Please write out every record exactly, but keep any images out of it.

[Records from a data collection]
──────

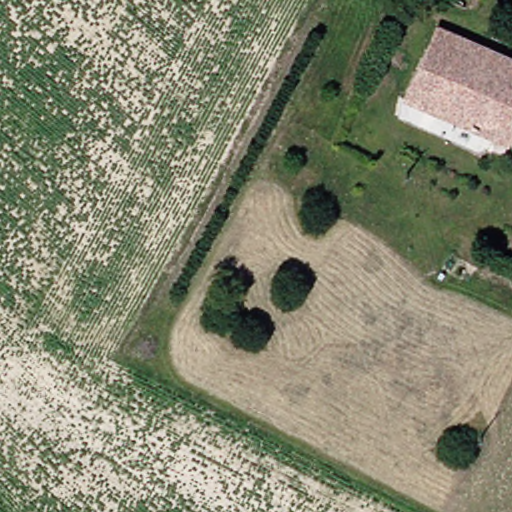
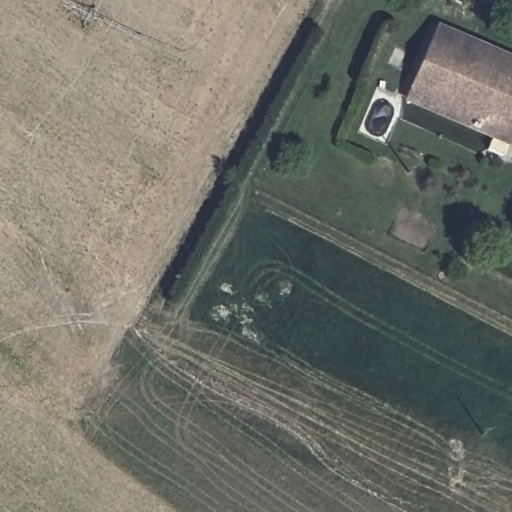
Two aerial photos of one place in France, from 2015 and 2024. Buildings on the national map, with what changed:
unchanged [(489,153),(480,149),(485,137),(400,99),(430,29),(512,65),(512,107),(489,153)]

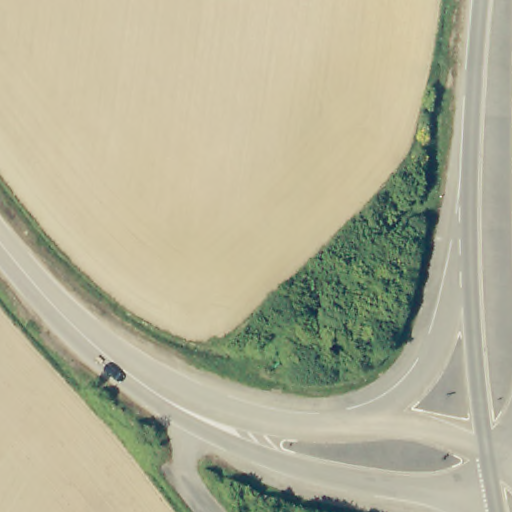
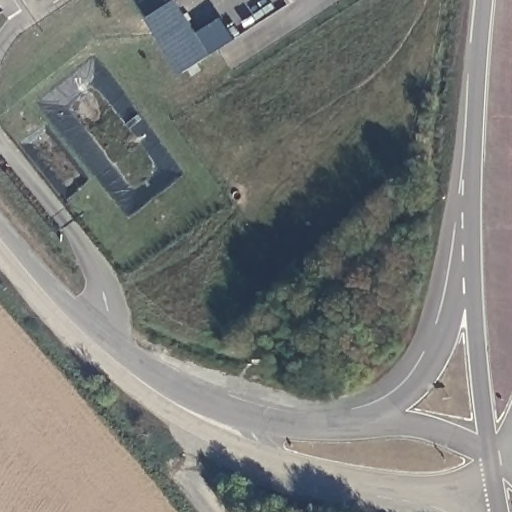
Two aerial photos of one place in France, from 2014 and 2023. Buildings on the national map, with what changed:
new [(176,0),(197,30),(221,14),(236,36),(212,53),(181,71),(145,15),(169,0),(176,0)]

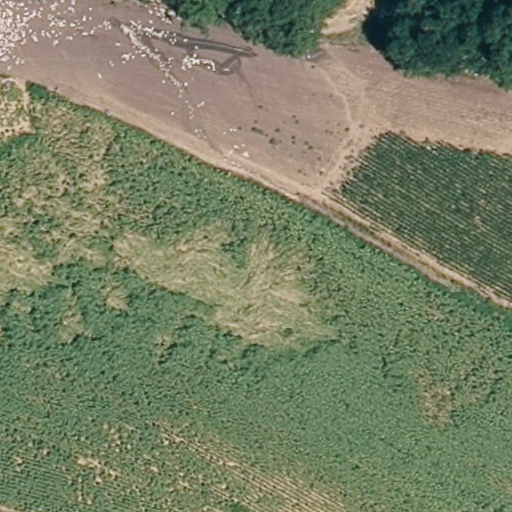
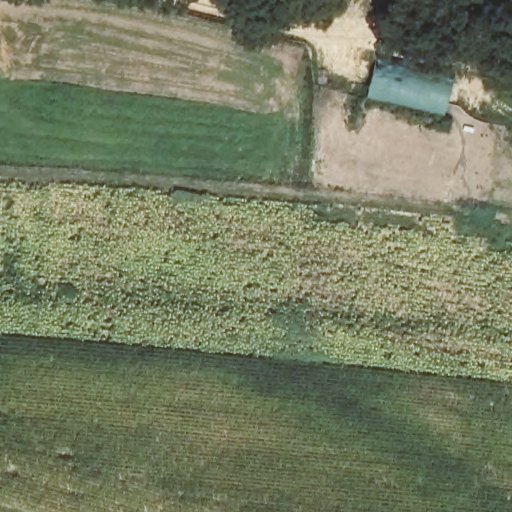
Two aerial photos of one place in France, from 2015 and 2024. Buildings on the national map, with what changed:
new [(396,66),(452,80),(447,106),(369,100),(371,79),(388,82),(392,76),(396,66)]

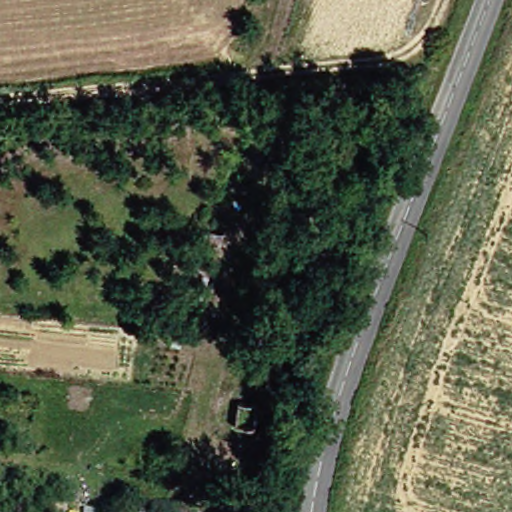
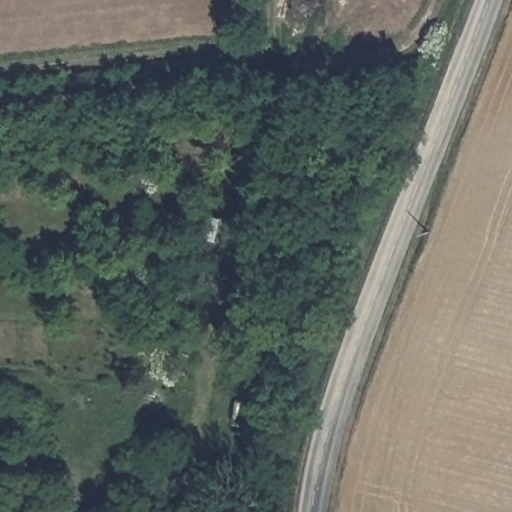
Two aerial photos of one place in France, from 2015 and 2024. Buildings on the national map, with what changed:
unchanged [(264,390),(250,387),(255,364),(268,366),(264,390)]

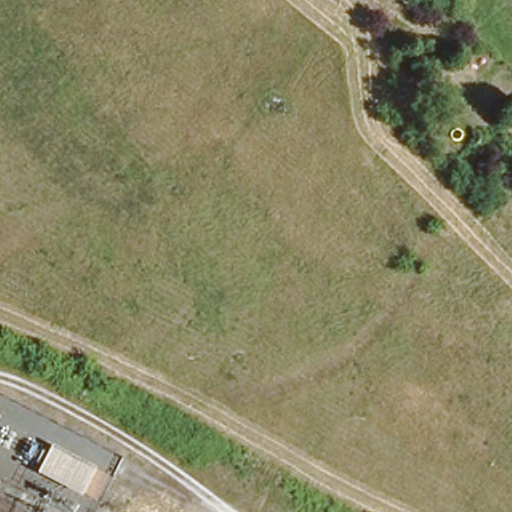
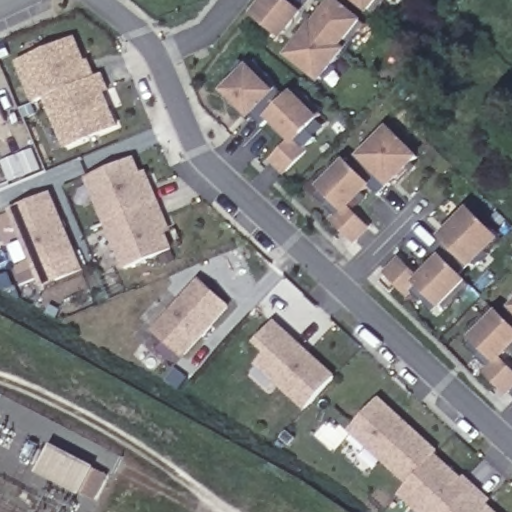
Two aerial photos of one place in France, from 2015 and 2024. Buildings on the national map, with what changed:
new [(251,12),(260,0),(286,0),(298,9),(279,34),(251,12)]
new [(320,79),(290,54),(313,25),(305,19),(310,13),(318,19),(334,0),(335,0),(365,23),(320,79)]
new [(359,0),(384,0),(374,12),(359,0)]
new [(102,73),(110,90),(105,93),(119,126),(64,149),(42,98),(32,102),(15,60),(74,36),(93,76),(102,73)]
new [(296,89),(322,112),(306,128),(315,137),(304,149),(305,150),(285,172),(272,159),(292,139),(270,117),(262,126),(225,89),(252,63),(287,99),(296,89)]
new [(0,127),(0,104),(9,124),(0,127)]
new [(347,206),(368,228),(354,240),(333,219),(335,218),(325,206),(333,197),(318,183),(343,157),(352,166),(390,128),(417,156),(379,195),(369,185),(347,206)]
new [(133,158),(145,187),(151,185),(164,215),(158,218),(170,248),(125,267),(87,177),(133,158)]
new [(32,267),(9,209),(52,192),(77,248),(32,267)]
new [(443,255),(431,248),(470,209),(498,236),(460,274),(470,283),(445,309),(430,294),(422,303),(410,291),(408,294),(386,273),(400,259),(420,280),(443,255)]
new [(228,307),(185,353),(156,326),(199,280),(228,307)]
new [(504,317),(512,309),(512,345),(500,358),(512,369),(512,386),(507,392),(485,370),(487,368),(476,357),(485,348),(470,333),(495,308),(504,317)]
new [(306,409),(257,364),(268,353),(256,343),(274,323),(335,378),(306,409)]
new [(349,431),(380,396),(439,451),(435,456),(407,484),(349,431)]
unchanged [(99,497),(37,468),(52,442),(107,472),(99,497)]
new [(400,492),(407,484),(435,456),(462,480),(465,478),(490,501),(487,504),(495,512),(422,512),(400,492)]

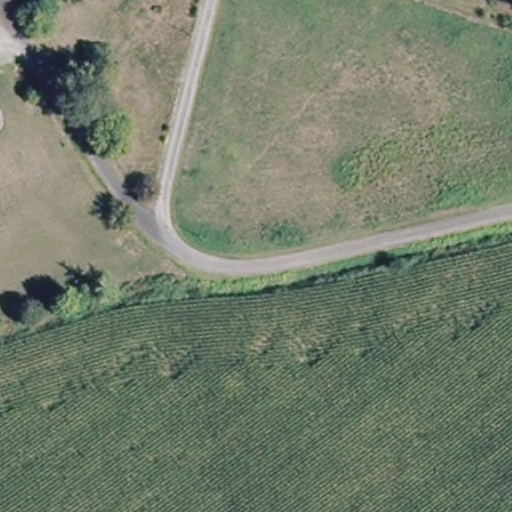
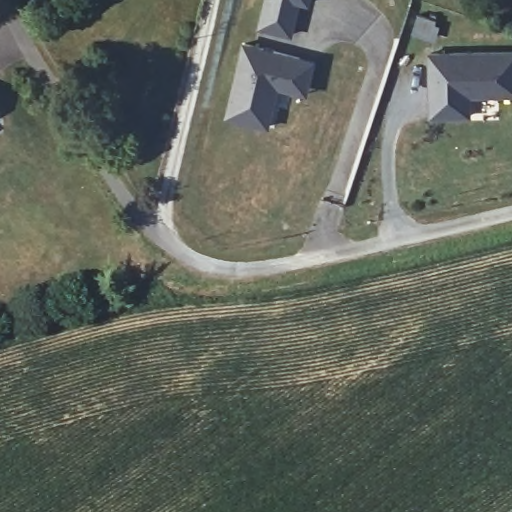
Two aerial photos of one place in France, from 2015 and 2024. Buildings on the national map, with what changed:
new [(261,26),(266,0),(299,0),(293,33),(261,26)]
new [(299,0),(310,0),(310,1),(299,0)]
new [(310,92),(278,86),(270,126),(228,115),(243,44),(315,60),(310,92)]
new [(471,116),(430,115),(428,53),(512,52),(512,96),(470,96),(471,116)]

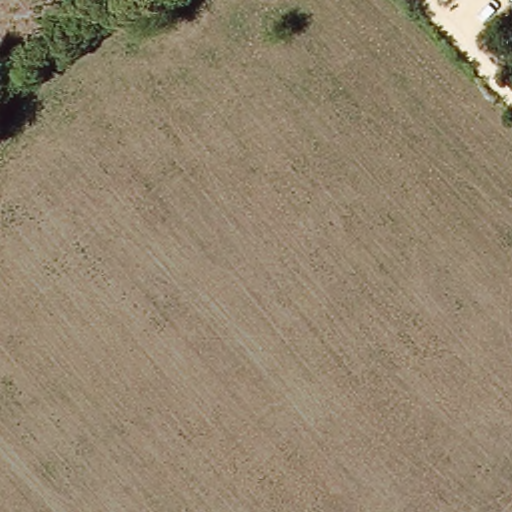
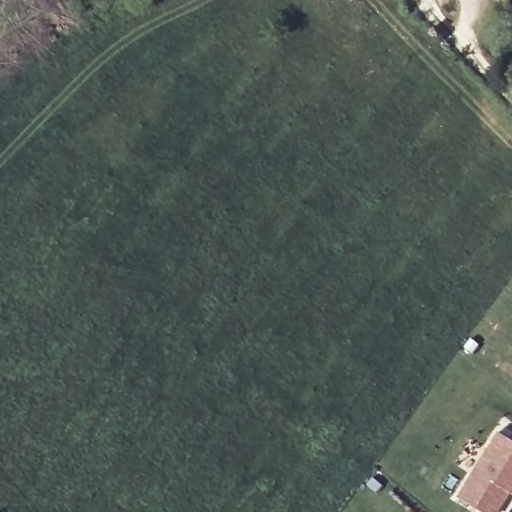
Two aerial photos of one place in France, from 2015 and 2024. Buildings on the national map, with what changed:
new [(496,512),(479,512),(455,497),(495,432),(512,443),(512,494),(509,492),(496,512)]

──────

* **Solution to this problem**:
Two aerial photos of one place in France, from 2015 and 2024. Buildings on the national map, with what changed:
unchanged [(489,153),(480,149),(485,137),(400,99),(430,29),(512,65),(512,107),(489,153)]

Two aerial photos of one place in France, from 2014 and 2023. Buildings on the national map, with what changed:
new [(176,0),(197,30),(221,14),(236,36),(212,53),(181,71),(145,15),(169,0),(176,0)]

Two aerial photos of one place in France, from 2015 and 2024. Buildings on the national map, with what changed:
new [(396,66),(452,80),(447,106),(369,100),(371,79),(388,82),(392,76),(396,66)]

Two aerial photos of one place in France, from 2015 and 2024. Buildings on the national map, with what changed:
unchanged [(264,390),(250,387),(255,364),(268,366),(264,390)]

Two aerial photos of one place in France, from 2015 and 2024. Buildings on the national map, with what changed:
new [(251,12),(260,0),(286,0),(298,9),(279,34),(251,12)]
new [(320,79),(290,54),(313,25),(305,19),(310,13),(318,19),(334,0),(335,0),(365,23),(320,79)]
new [(359,0),(384,0),(374,12),(359,0)]
new [(102,73),(110,90),(105,93),(119,126),(64,149),(42,98),(32,102),(15,60),(74,36),(93,76),(102,73)]
new [(296,89),(322,112),(306,128),(315,137),(304,149),(305,150),(285,172),(272,159),(292,139),(270,117),(262,126),(225,89),(252,63),(287,99),(296,89)]
new [(0,127),(0,104),(9,124),(0,127)]
new [(347,206),(368,228),(354,240),(333,219),(335,218),(325,206),(333,197),(318,183),(343,157),(352,166),(390,128),(417,156),(379,195),(369,185),(347,206)]
new [(133,158),(145,187),(151,185),(164,215),(158,218),(170,248),(125,267),(87,177),(133,158)]
new [(32,267),(9,209),(52,192),(77,248),(32,267)]
new [(443,255),(431,248),(470,209),(498,236),(460,274),(470,283),(445,309),(430,294),(422,303),(410,291),(408,294),(386,273),(400,259),(420,280),(443,255)]
new [(228,307),(185,353),(156,326),(199,280),(228,307)]
new [(504,317),(512,309),(512,345),(500,358),(512,369),(512,386),(507,392),(485,370),(487,368),(476,357),(485,348),(470,333),(495,308),(504,317)]
new [(306,409),(257,364),(268,353),(256,343),(274,323),(335,378),(306,409)]
new [(349,431),(380,396),(439,451),(435,456),(407,484),(349,431)]
unchanged [(99,497),(37,468),(52,442),(107,472),(99,497)]
new [(400,492),(407,484),(435,456),(462,480),(465,478),(490,501),(487,504),(495,512),(422,512),(400,492)]

Two aerial photos of one place in France, from 2015 and 2024. Buildings on the national map, with what changed:
new [(261,26),(266,0),(299,0),(293,33),(261,26)]
new [(299,0),(310,0),(310,1),(299,0)]
new [(310,92),(278,86),(270,126),(228,115),(243,44),(315,60),(310,92)]
new [(471,116),(430,115),(428,53),(512,52),(512,96),(470,96),(471,116)]

Two aerial photos of one place in France, from 2015 and 2024. Buildings on the national map, with what changed:
new [(496,512),(479,512),(455,497),(495,432),(512,443),(512,494),(509,492),(496,512)]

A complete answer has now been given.